Balance Sheet and Liquidity as of June 30, 2023
Cash and cash equivalents were $5.5 million as of June 30, 2023, compared to $13.9 million as of December 31, 2022.
In the first half of 2023, net cash used in operating activities was $16.4 million, as compared to $7.5 million used in operating activities in the first half of 2022.
Fiscal 2023 Outlook
Management suspended its 2023 full-year guidance, citing the complexity of the proposed strategic transaction with Bridge Media Networks, and expects to be able to issue revised guidance in four to six months, after the integration of the respective businesses.
Conference Call
Ross Levinsohn, The Arena Group’s Chief Executive Officer, Doug Smith, Chief Financial Officer, and Andrew Kraft, Chief Operating Officer, will host a conference call and live webcast to review the quarterly results and provide a corporate update at 4:30 p.m. ET today. To access the call, please dial 800-285-6670 (toll free) or 713-481-1320. The conference call will also be webcast live on the Investor Relations section of The Arena Group’s website at https://investors.thearenagroup.net/news-and-events/events.

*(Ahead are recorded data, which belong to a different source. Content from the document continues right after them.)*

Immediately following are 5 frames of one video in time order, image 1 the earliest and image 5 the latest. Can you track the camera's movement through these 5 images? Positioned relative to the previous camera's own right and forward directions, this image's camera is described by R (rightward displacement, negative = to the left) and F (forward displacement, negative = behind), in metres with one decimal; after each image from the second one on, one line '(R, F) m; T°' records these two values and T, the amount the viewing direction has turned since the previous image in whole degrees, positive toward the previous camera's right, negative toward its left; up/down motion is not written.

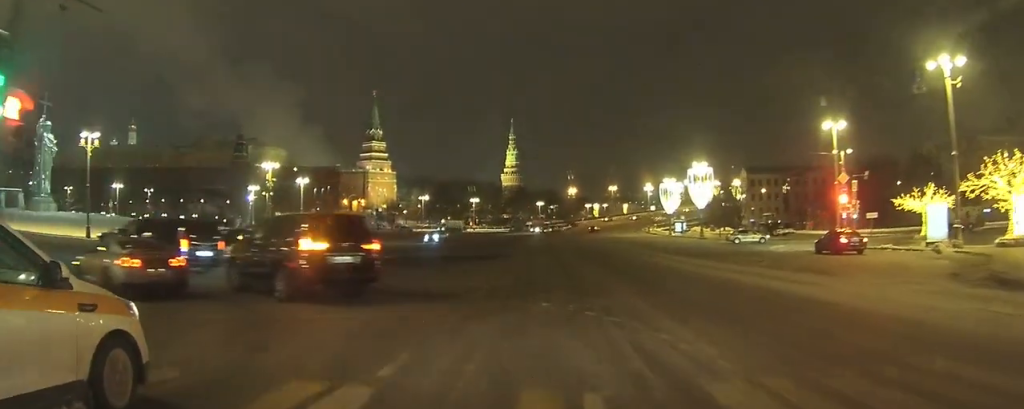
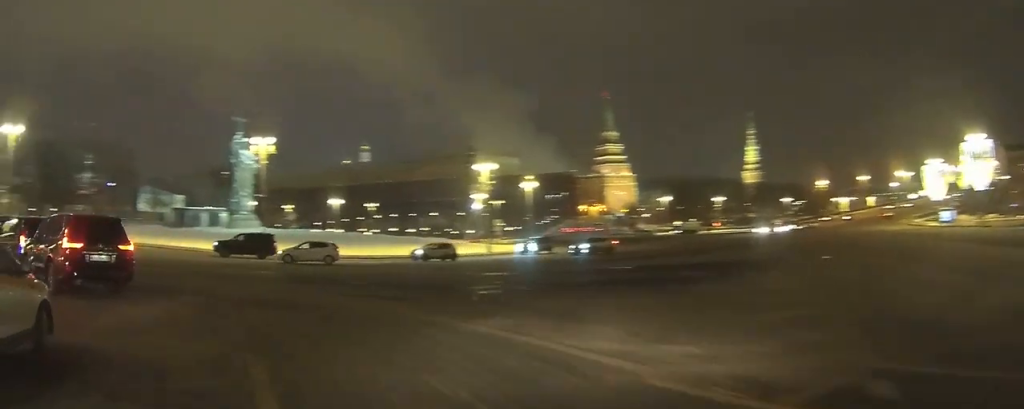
(-3.6, +12.3) m; -38°
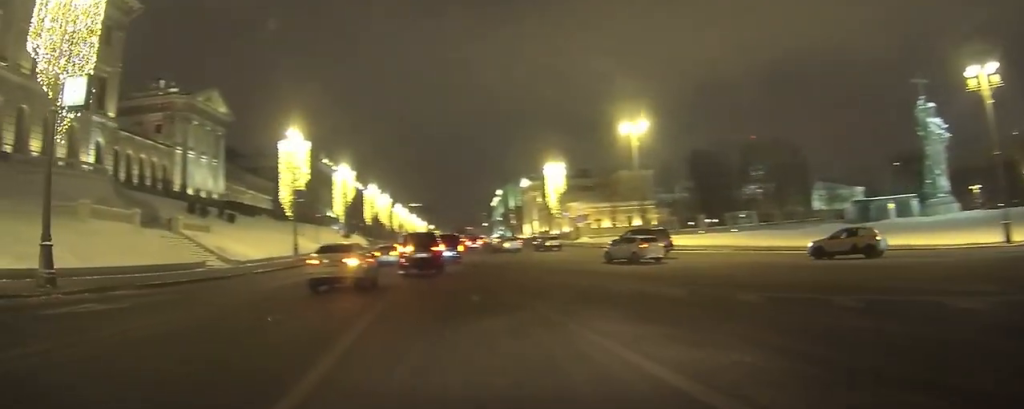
(-10.2, +15.7) m; -47°
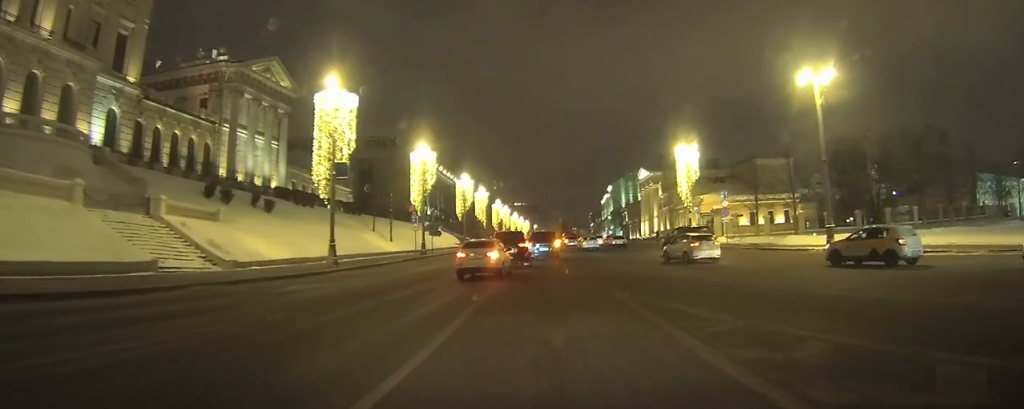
(-0.5, +14.8) m; -1°
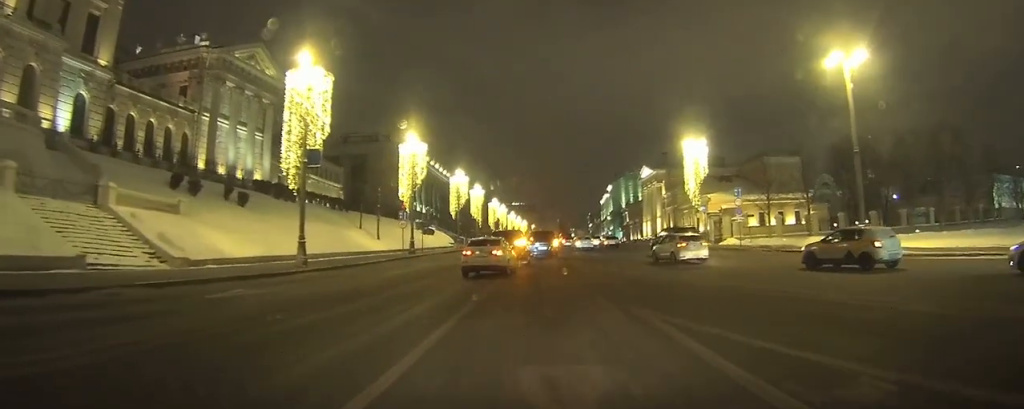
(0.0, +3.8) m; +1°
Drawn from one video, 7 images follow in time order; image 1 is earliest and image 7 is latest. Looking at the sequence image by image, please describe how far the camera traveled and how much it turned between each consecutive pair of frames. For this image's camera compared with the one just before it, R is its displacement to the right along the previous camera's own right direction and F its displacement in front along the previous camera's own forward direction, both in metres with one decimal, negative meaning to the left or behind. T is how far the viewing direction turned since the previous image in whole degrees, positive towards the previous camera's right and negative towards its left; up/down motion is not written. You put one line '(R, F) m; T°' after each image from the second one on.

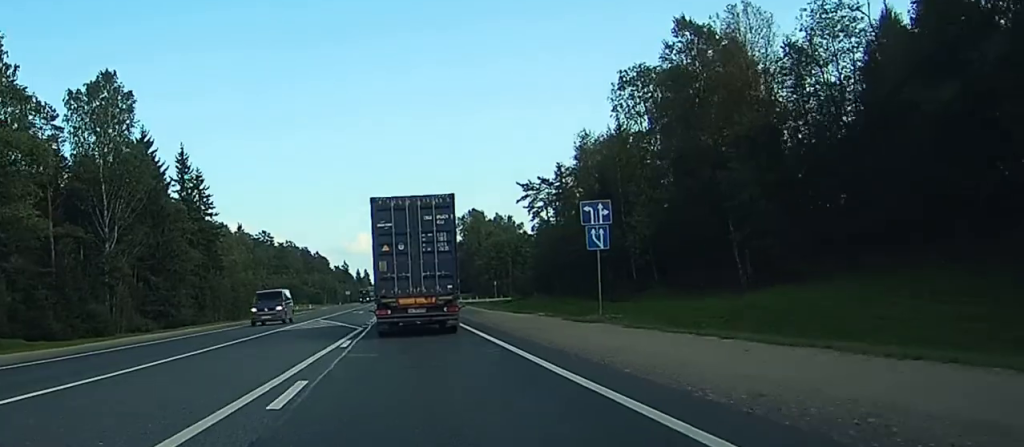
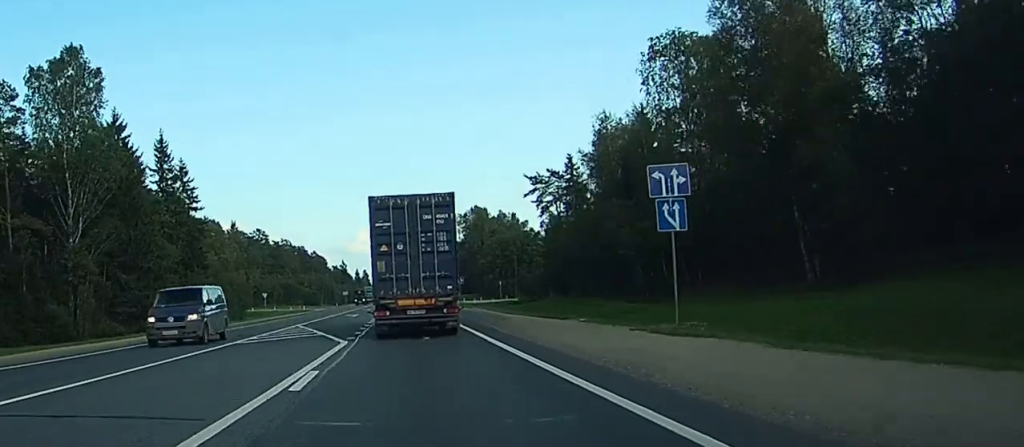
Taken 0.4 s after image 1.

Following the conclusion of the live call, a replay of the webcast will be available on the Investor Relations section of the Company’s website for at least 90 days. A telephonic replay of the conference call will also be available from 7 p.m. ET on August 14, 2023 until 11:59 p.m. ET on August 28, 2023 by dialing 877-481-4010 (United States) or 919-882-2331 (international) and using the passcode 48775.
About The Arena Group
The Arena Group (NYSE American: AREN) is an innovative technology platform and media company with a proven cutting-edge playbook that transforms media brands. Our unified technology platform empowers creators and publishers with tools to publish and monetize their content, while also leveraging quality journalism of anchor brands like Sports Illustrated, TheStreet, Parade, Men’s Journal, and HubPages to build their businesses. The company aggregates content across a diverse portfolio of over 265 brands, reaching over 100 million users monthly. Visit us at thearenagroup.net and discover how we are revolutionizing the world of digital media.

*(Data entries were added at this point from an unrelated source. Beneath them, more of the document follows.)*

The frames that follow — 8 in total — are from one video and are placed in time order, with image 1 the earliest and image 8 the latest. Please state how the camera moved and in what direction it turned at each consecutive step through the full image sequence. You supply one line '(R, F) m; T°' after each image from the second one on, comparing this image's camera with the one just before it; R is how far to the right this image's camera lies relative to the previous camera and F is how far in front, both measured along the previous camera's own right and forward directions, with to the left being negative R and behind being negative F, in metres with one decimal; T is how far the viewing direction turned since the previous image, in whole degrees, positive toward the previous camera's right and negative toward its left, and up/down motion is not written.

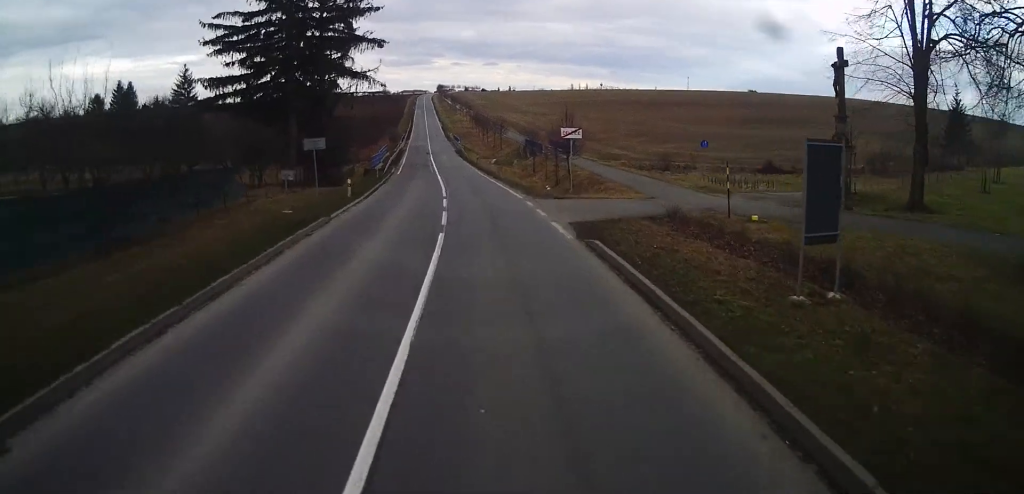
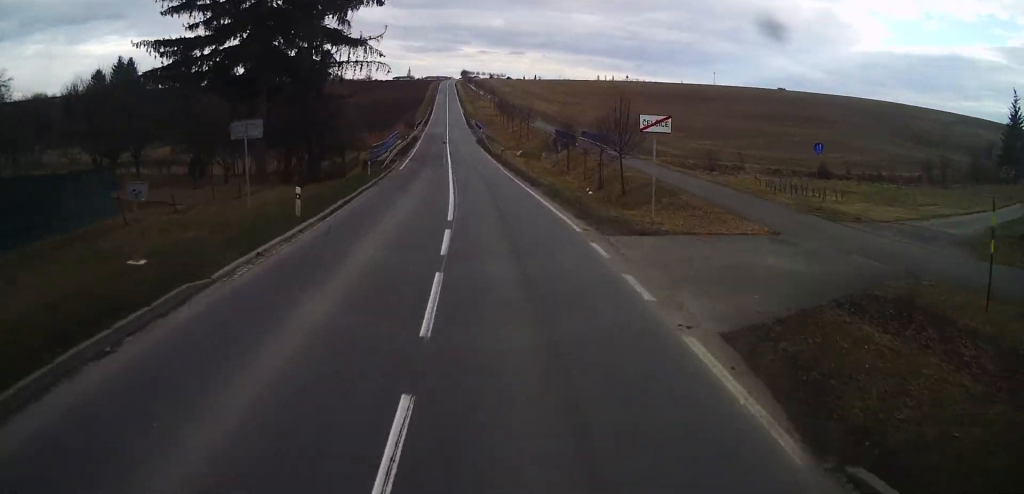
(0.0, +9.6) m; 0°
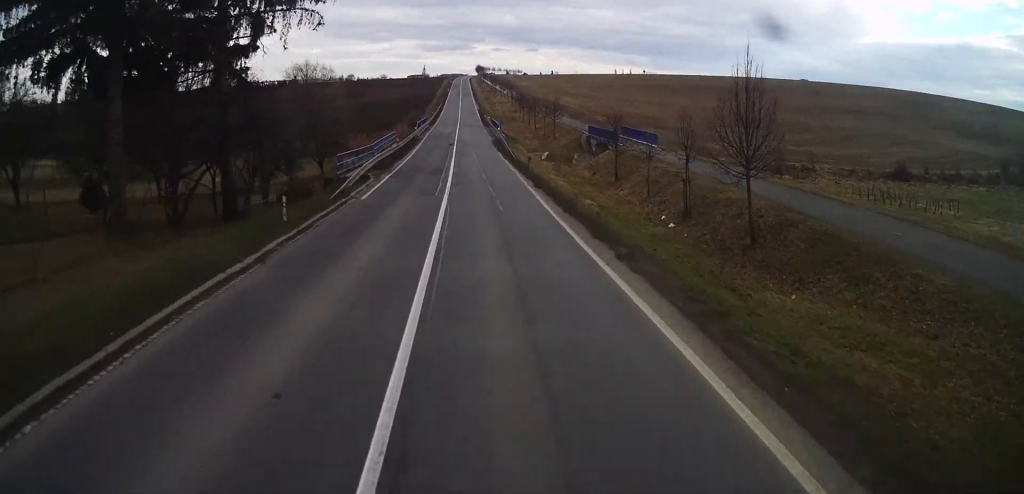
(0.0, +14.2) m; 0°
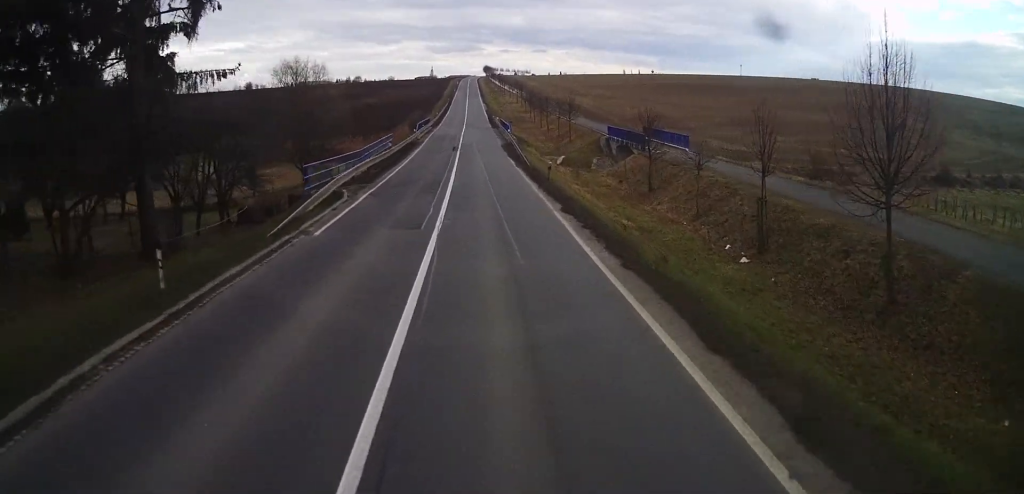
(0.0, +6.5) m; -1°
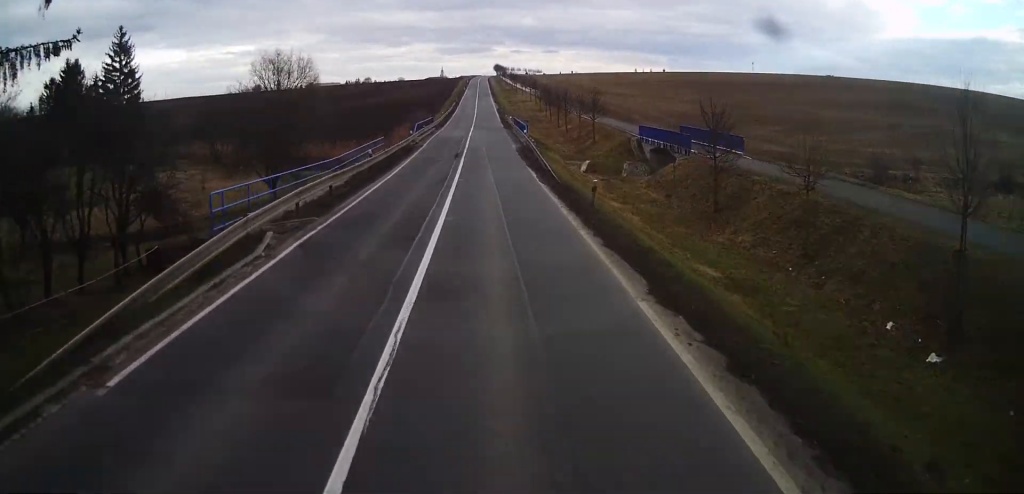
(+0.1, +8.5) m; -2°
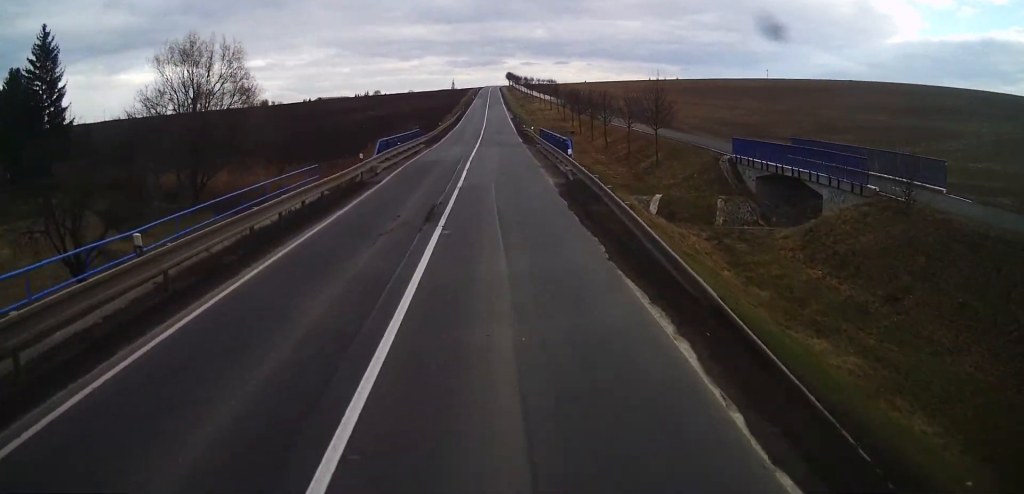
(-0.9, +18.1) m; -3°
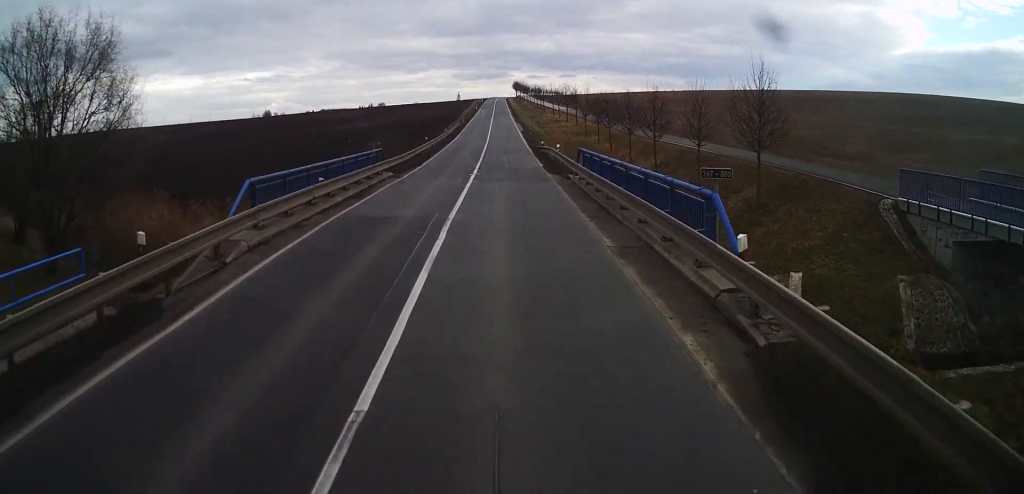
(0.0, +15.0) m; -1°
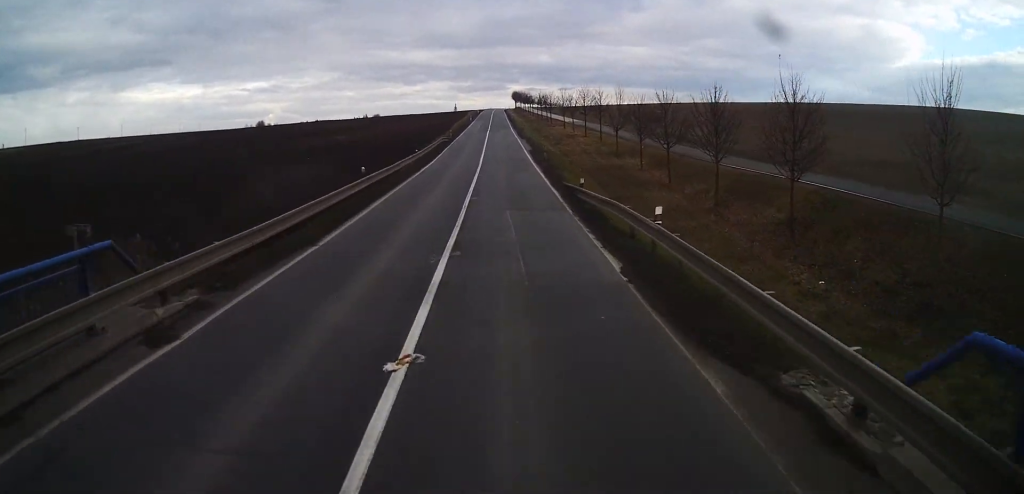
(-0.1, +19.7) m; 0°

About Bridge Media Networks
Bridge Media Networks is a dynamic and innovative media group that offers a wide range of platforms for delivering the latest news, sports, automotive, and travel content. Bridge Media Networks’ portfolio includes over-the-air television stations, two national television networks, cutting-edge streaming platforms, and dynamic websites designed to keep viewers informed and entertained. Bridge Media Networks’ unwavering commitment is to provide viewers with the most comprehensive and impartial content possible through its flagship brands: NEWSnet, Sports News Highlights, Driven, and TravelHost.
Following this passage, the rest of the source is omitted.